Саша не отстранилась, а наоборот чуть подалась за тёплой ладонью, глядя в его грустные карие глаза. Ей представилось, как когда-то, много лет назад, маленький брошенный мальчик с тёмными-тёмными глазами ждал свою маму и верил, что она всё же придёт… Но не дождался.
- А семья? Почему же ты не женился до сих пор?
- Я собирался. А потом выяснилось, что невесте моей брошенные дети… противны. Она, Алла, один раз согласилась со мной в детский дом поехать. Лучше бы я этого не видел… У меня было ощущение, что она дыхание задерживала, когда дети к ней подбегали. Будто бы они грязные и заразить могут целым списком болезней…
- Тебе, наверное, показалось. Этого просто не может быть. Женщины всегда очень жалеют детей…
- Не всегда, - резко дёрнул головой Виталий и взгляд его заледенел, - не всегда… Алла тогда вышла из корпуса и побежала руки снегом протирать. А потом ещё и полпачки влажных салфеток в машине извела, пока не успокоилась… Ну… Как-то так вышло, что на этом всё и закончилось. Она кричала, правда, плакала, всё спрашивала, почему я её бросаю. А я ей рассказал, что тоже детдомовский, раньше как-то разговор не заходил… Не поверила, думала, вру. Всё повторяла: «Не может быть, ты же такой успешный, ты же такой богатый!»

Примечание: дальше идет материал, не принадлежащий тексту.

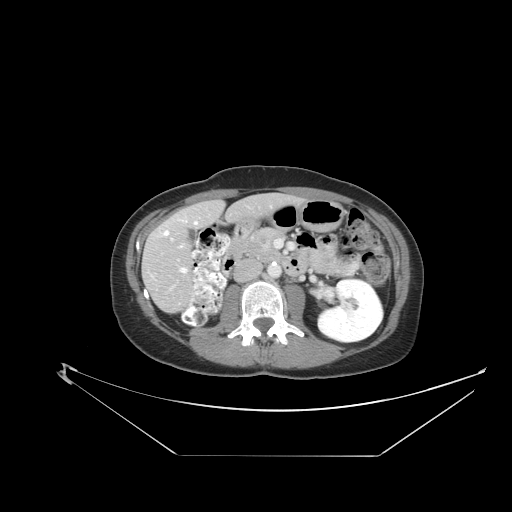
512x512, Computed tomography, Abdomen

pancreatic_tumor:
  - 251 228 277 250
pancreas:
  - 230 230 282 262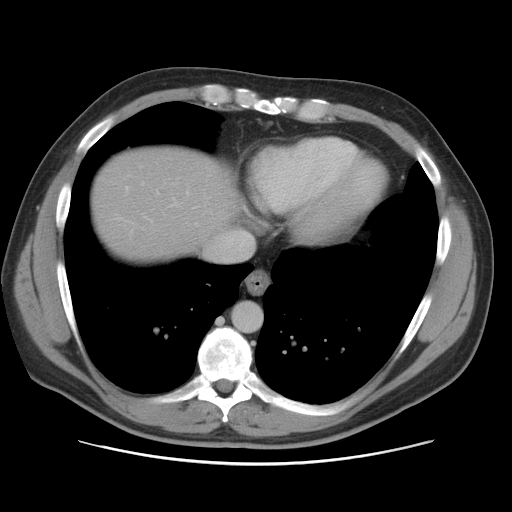

CT image, Liver

Only some of the vessels may be annotated.
The hepatic vessel is bounded by [x1=213, y1=231, x2=252, y2=259].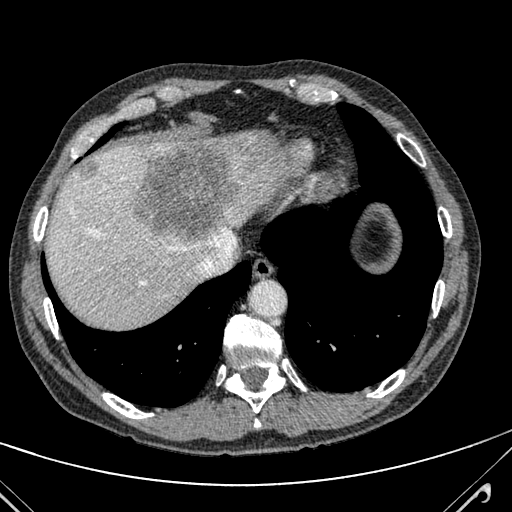
CT slice. 512x512. Liver: bounding box x1=215 y1=129 x2=285 y2=227, x1=46 y1=142 x2=208 y2=326, x1=233 y1=249 x2=240 y2=260.
Liver lesion: bounding box x1=133 y1=139 x2=242 y2=241, x1=77 y1=159 x2=95 y2=177.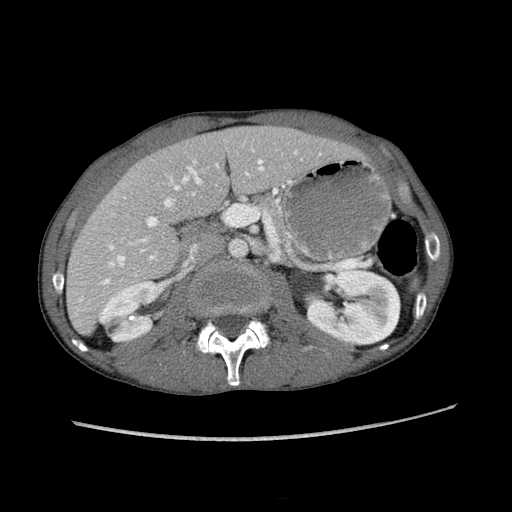 Abdomen. CT image. liver:
  - box=[66, 124, 361, 331]
kidney:
  - box=[308, 267, 398, 343]
  - box=[114, 316, 151, 340]
  - box=[99, 283, 156, 321]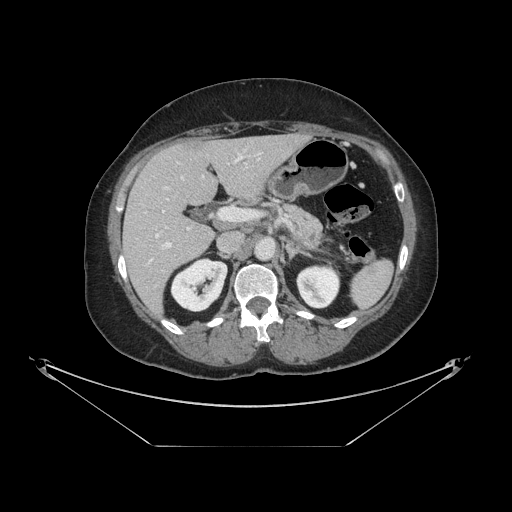
CT slice
Pancreatic tumor: (x1=302, y1=228, x2=319, y2=245).
Pancreas: (x1=280, y1=204, x2=323, y2=252).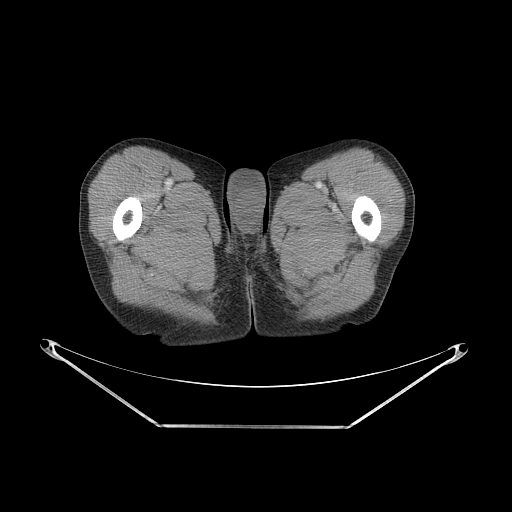
Computed tomography. Bone — (113, 197, 141, 240), (352, 196, 380, 241).
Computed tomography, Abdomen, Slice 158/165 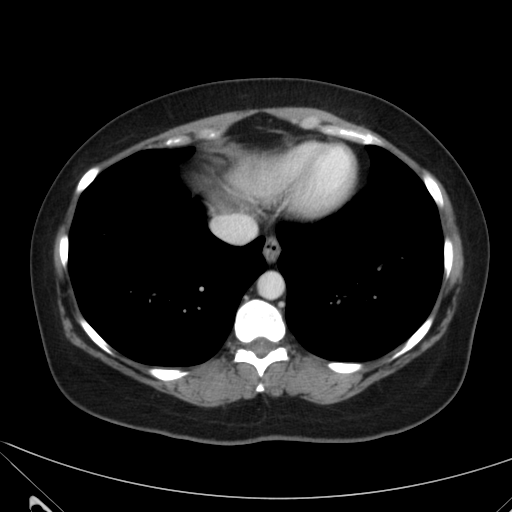 Liver = 230 159 287 201.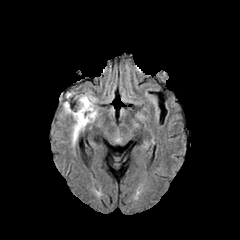
FLAIR magnetic resonance.
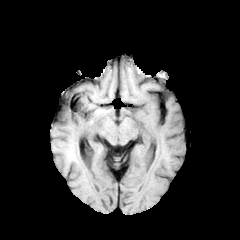
Same slice, T1-weighted MRI.
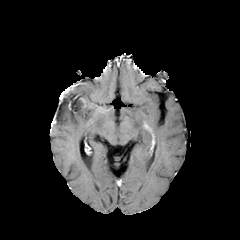
Post-contrast T1-weighted magnetic resonance.
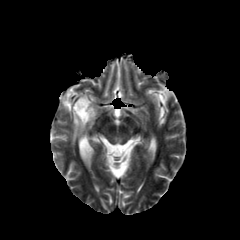
T2-weighted MR of the same slice.
Head
Segmented structures:
• edema: box(61, 92, 97, 143)
• non-enhancing tumor core: box(72, 97, 86, 117)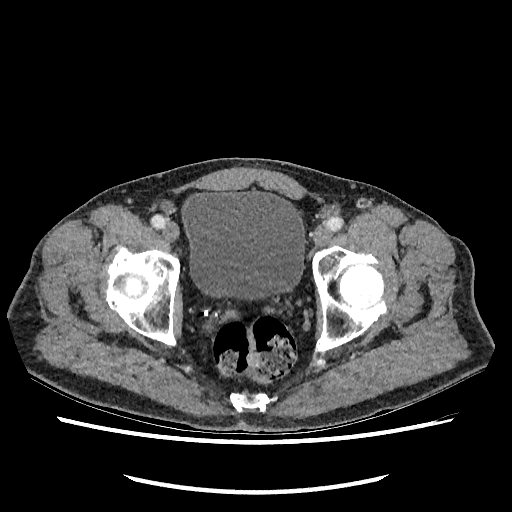 Image size 512x512. Computed tomography.

The urinary bladder is at (181,189,305,298).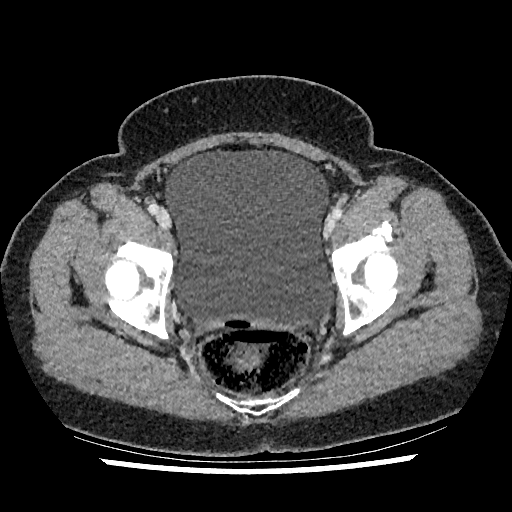

CT
- urinary bladder: [x1=165, y1=150, x2=333, y2=329]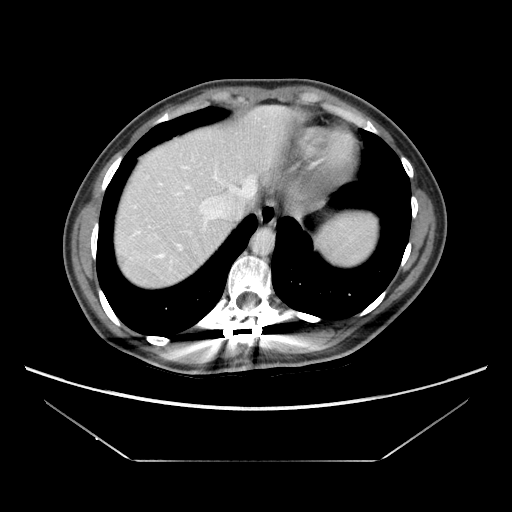
CT slice
Some hepatic vessels may have no box.
<segmentation>
  <hepatic_vessel>region(198, 168, 254, 229); region(177, 192, 181, 194); region(159, 253, 164, 257); region(185, 186, 189, 189); region(181, 165, 189, 169)</hepatic_vessel>
</segmentation>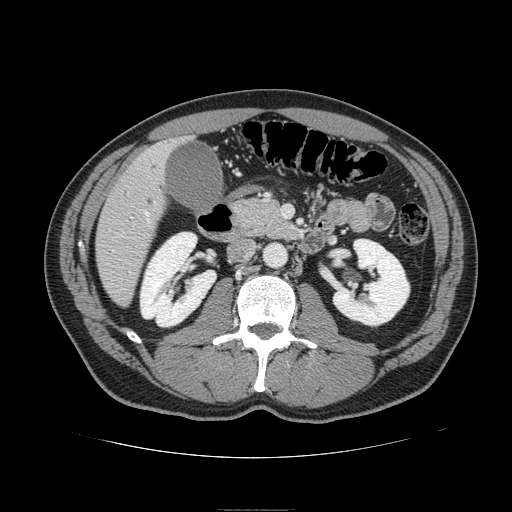

CT image; Upper abdomen

The pancreas appears at <bbox>230, 198, 298, 240</bbox>.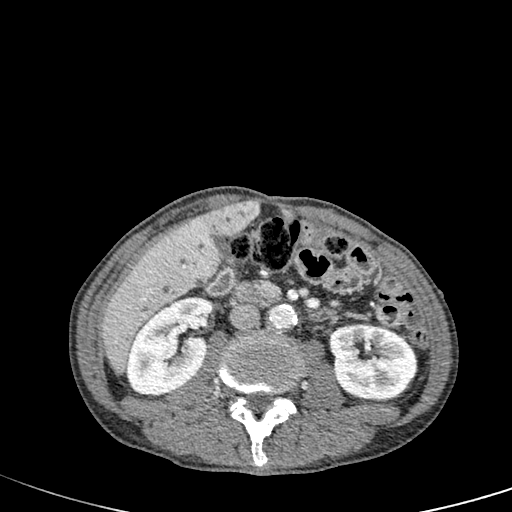

CT image; Upper abdomen

The focal liver lesion is bounded by [211,201,258,236]. 2 kidney regions are bounded by [330,325,416,399], [127,298,211,394]. The liver is bounded by [102,210,224,375].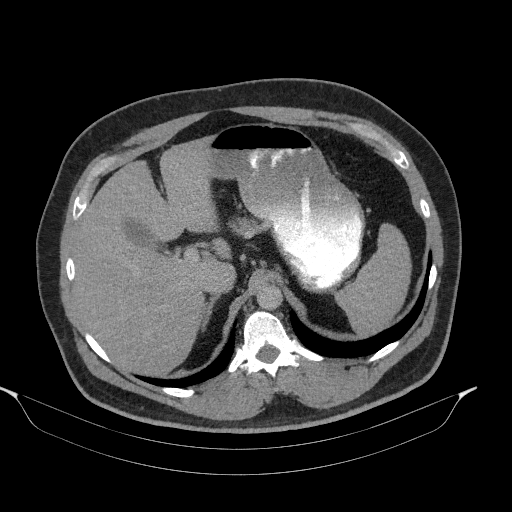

То есть все детдомовцы, по её мнению, третий сорт, а то и вообще брак.
С тех пор я сразу говорю, что детдомовец. Чтобы никаких недоразумений и напрасных надежд.
- Но мне же не сразу…
- А я в тебе не сомневался. Мы же где встретились? У кроватки отказничка. И я видел, какими глазами ты на Полиночку смотрела.
Москва, 1993 – 2002 годы. Александр Эмерих (1)
Больше всего на свете Саша Эмерих хотел детей. Он, никогда не имевший ни сестры, ни брата, представлял себе, как это здорово, когда в семье несколько детей. И мечтал, чтобы в доме было шумно и весело, чтобы маленькое, уверенное в своей исключительности чудо по утрам врывалось в родительскую спальню, пыхтя перелезало через него и плюхалось в серединку, требуя любви, ласки и игр. А потом чтобы появилось следующее чудо и, может быть, ещё одно. Он, Саша, был уверен, что станет своим детям хорошим отцом.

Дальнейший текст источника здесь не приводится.